明日便是除夕了, 正所謂辭舊迎新, 沈家這一年可謂時運不濟, 辭舊迎新對沈家來說,可太重要了。眼前這間屋舍雖隻是暫時落腳,但此番的家人團聚來之不易, 不論所處何處,沈鳶都希望能踏實用心地過好這個年節。
王辭昨日將人送到後,今早天蒙蒙亮時, 便策馬回了上京, 他和老師的這一層關係, 越是少人知道越好,否則對彼此都不是好事。臨行前, 特囑咐沈鳶, 有什麽事可到街上的玉康堂尋求鋪中夥計幫忙,那裏還有可傳信回京的信鴿, 方便聯絡。
沈鳶點頭應好, 眼前晃過一個多月前, 她和衛馳來此的畫麵, 亦是白鶴鎮, 亦是在玉康堂, 她和那名夥計早就熟絡,此事王辭也是知道的,此時再提,想必王辭並未將她和衛馳的事情告訴父親知道。心中充滿了感激,她未有兄長,王辭年長於她十多歲,經此一番,她倒覺得王辭有種兄長般的親切。
“多謝王掌櫃。”沈鳶笑道,不得不說有些人雖不似親人,卻勝似親人。
“沈姑娘客氣。
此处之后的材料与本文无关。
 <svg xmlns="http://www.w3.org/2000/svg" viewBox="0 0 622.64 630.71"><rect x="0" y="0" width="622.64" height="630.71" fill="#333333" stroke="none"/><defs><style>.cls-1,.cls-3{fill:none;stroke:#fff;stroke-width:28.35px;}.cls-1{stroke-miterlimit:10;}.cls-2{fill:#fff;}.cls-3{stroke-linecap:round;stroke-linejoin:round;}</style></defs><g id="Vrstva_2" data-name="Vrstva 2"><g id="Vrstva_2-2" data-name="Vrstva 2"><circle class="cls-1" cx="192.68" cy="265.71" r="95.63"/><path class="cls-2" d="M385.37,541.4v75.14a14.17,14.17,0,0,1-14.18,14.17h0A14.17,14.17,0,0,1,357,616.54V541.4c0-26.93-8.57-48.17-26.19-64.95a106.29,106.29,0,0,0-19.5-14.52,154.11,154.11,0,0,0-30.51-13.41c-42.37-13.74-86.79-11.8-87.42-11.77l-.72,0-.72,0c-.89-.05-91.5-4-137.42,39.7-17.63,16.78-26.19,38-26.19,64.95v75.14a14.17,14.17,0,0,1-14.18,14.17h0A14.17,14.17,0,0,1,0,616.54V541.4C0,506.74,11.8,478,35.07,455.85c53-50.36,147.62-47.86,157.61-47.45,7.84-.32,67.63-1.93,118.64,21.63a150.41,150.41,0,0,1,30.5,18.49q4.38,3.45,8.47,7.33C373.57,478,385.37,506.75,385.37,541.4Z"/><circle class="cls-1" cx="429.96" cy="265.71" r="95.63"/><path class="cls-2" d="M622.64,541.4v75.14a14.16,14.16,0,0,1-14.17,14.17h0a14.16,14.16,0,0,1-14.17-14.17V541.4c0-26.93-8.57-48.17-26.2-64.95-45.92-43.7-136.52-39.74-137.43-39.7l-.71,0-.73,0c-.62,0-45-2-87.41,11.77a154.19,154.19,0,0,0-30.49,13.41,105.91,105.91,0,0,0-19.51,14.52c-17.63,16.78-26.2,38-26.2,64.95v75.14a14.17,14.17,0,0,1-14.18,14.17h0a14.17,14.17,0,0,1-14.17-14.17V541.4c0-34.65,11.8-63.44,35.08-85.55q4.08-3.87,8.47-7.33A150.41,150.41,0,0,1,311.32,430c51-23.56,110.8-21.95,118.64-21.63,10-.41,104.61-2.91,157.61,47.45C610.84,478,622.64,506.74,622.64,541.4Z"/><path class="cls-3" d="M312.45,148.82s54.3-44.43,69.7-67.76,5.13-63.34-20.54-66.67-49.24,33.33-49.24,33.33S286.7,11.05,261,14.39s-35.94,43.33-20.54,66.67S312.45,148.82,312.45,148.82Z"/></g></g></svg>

”王辭拱手。
隨即又行至沈明誌麵前深深一拜:“學生暫且離去,老師在此好好休憩便是,朝中之事學生會儘心留意,有任何消息,必第一時間派人傳信過來。”
沈明誌亦對王辭俯身一拜,還了一禮,當年他看重他人品,賞識他才華,故出手幫扶一二,根本沒想過回報,自古都是錦上添花易,雪中送炭難。多餘的話語他不想多說,千恩萬謝都在這深深一拜中。
王辭驚了一瞬,忙上前去扶:“老師莫要折煞我了。”
沈明誌站直身子,背脊挺直,人雖比從前消瘦許多,但終究還是從前那一身風骨,隻對王辭揮了揮手道:“路上小心”,之後便無言轉身,入了房門。
年近半百,經此一遭,被迫舍了些身外之物,所幸家人、友人還在,若再有重回朝堂之機,他必拚儘全力,才能不負這一路幫扶之人。
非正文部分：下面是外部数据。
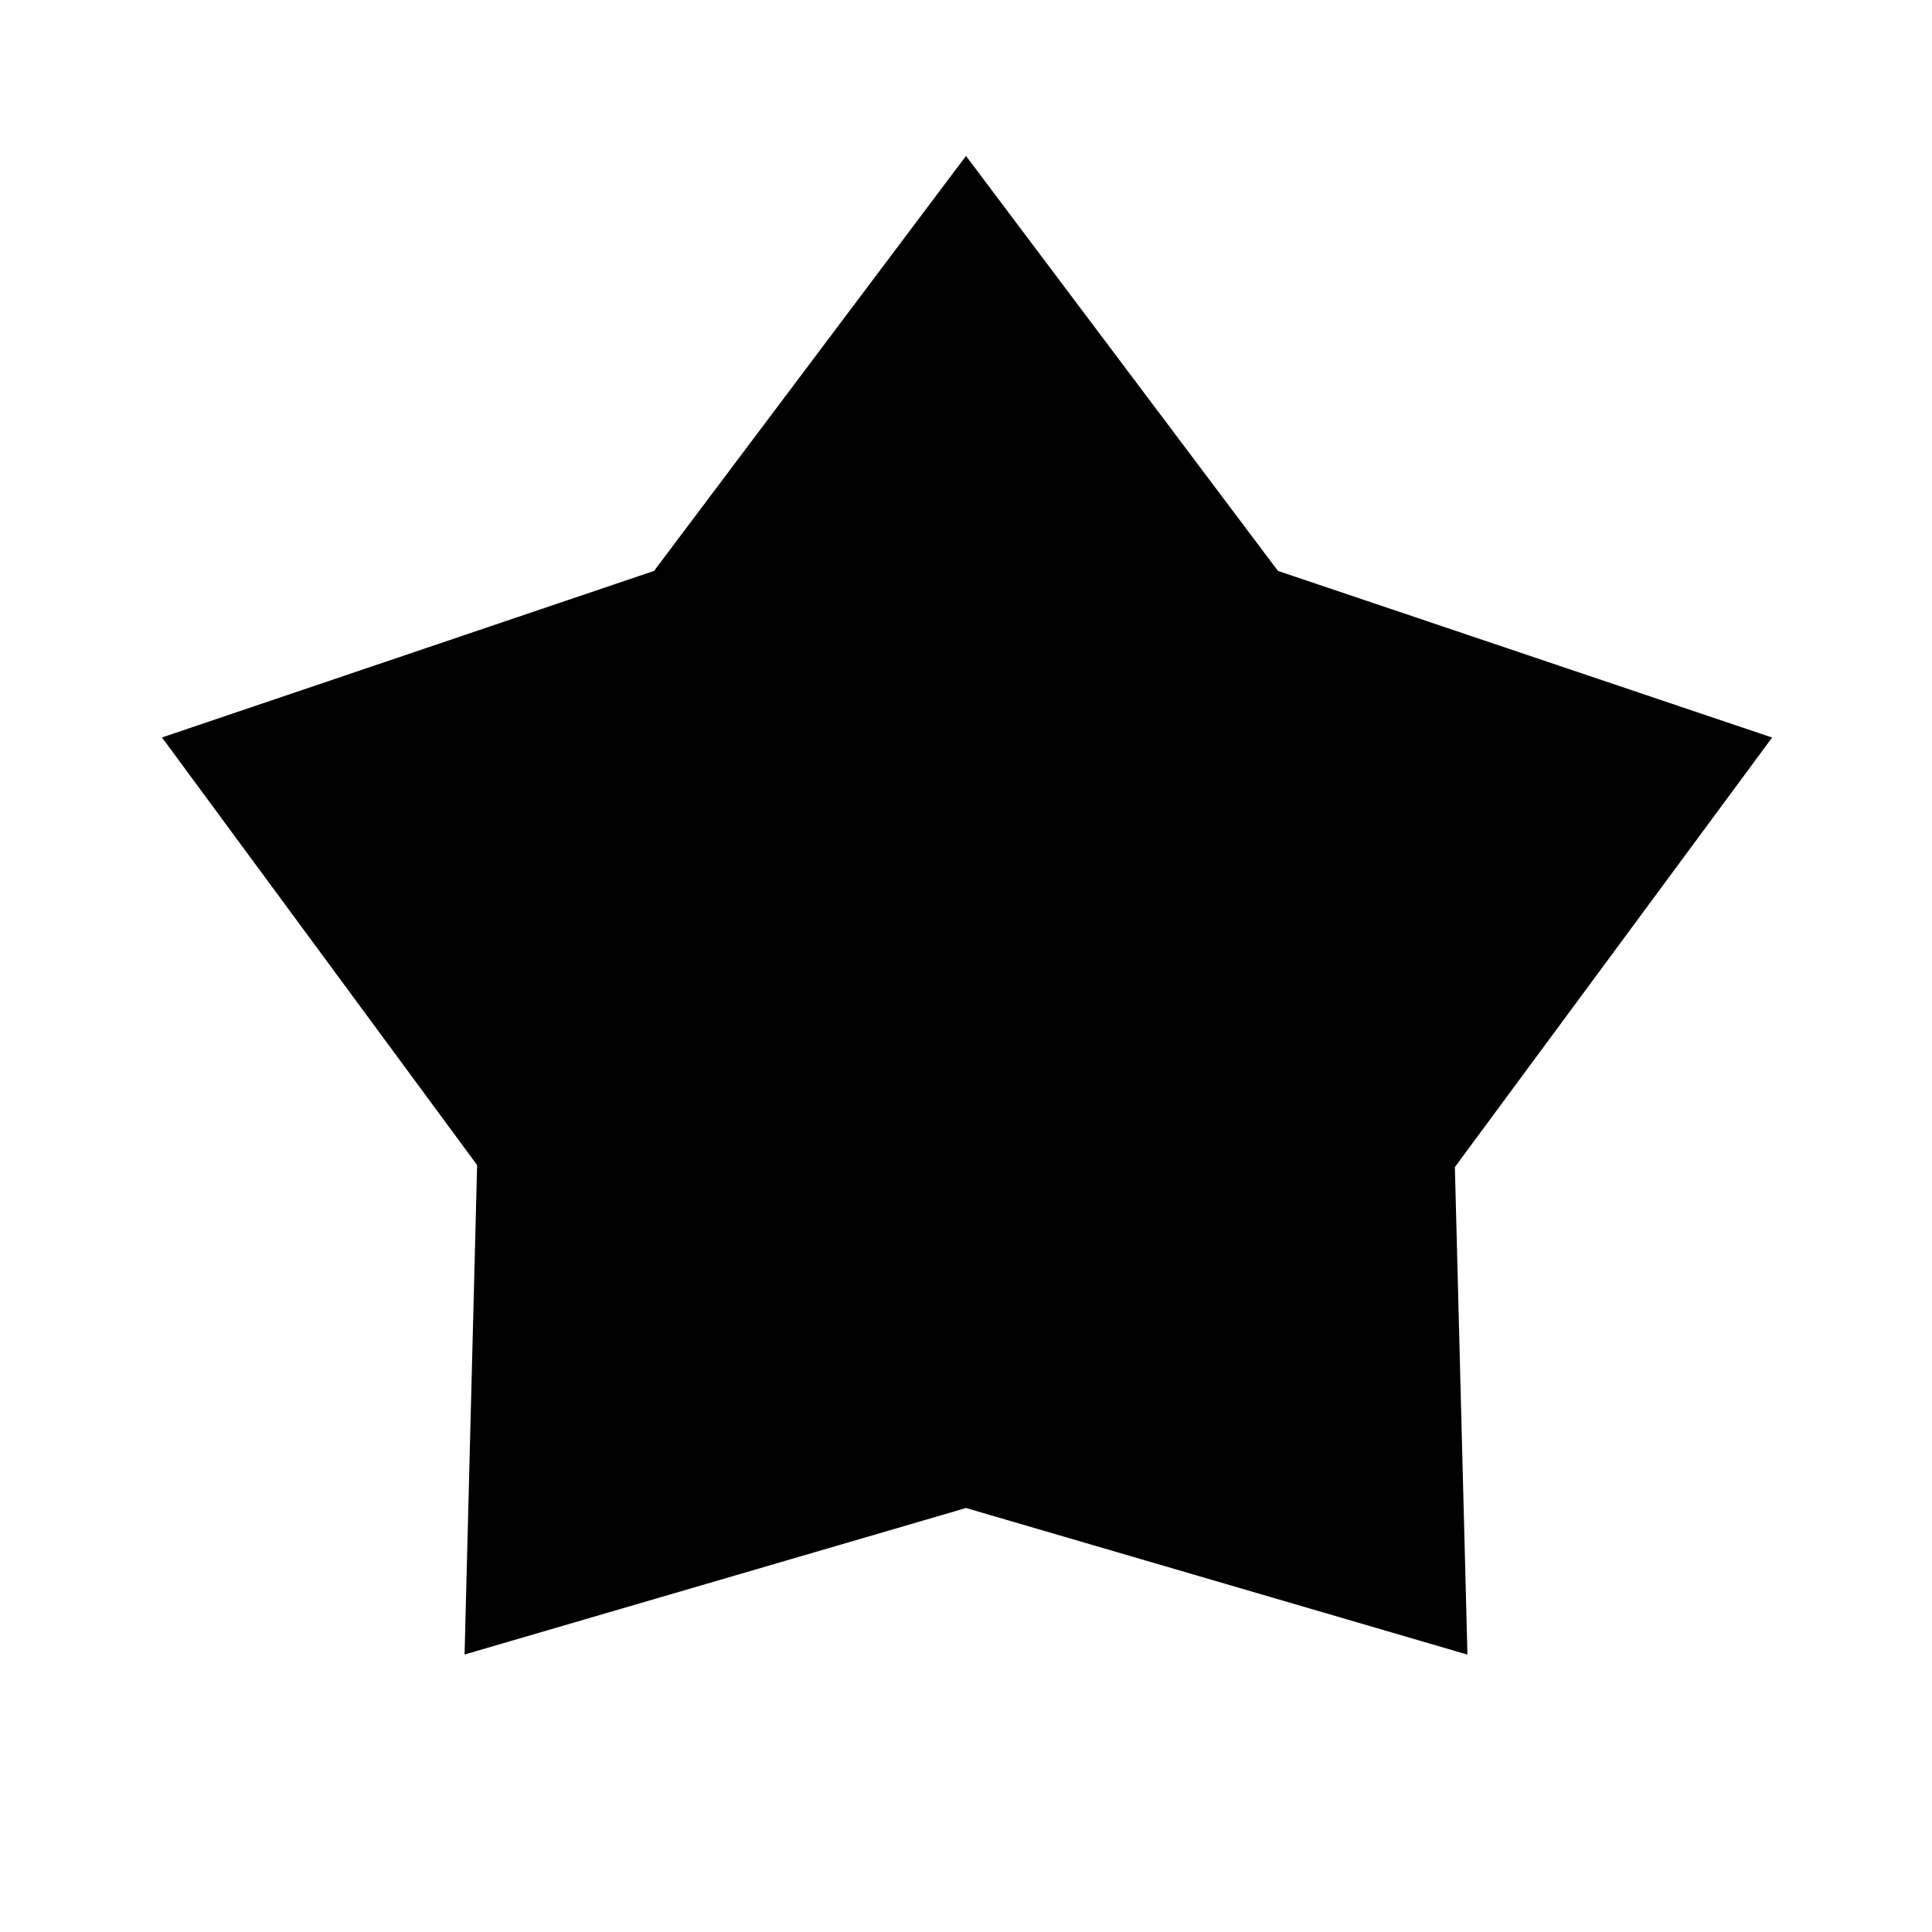 <?xml version="1.0" encoding="UTF-8"?> <svg xmlns="http://www.w3.org/2000/svg" width="32" height="32" viewBox="0 0 24 24"><path fill="currentColor" d="M8.125 7.092L12 1.937l3.875 5.155l6.139 2.07l-3.941 5.336l.156 6.056L12 18.733l-6.229 1.82l.156-6.08l-3.915-5.312z"></path></svg>

沈鳶將王辭送至大門外,臨行前,亦對他屈膝一拜:“沈鳶,再次謝過王掌櫃。”還是習慣如此稱呼他,這一聲謝,語氣不同於方才,除了謝他一路幫扶之外,還謝她替自己隱瞞了她和衛馳之事。
王辭聽出她話中謝意,含笑道:“王某旁的本事沒有,但還算是能識人一二,衛將軍是可靠之人,郎才女貌,實屬相配。”
三言兩語,直將沈鳶聽紅了臉,王辭笑了笑,未再多言,隻翻身上馬,隨即揚長而去。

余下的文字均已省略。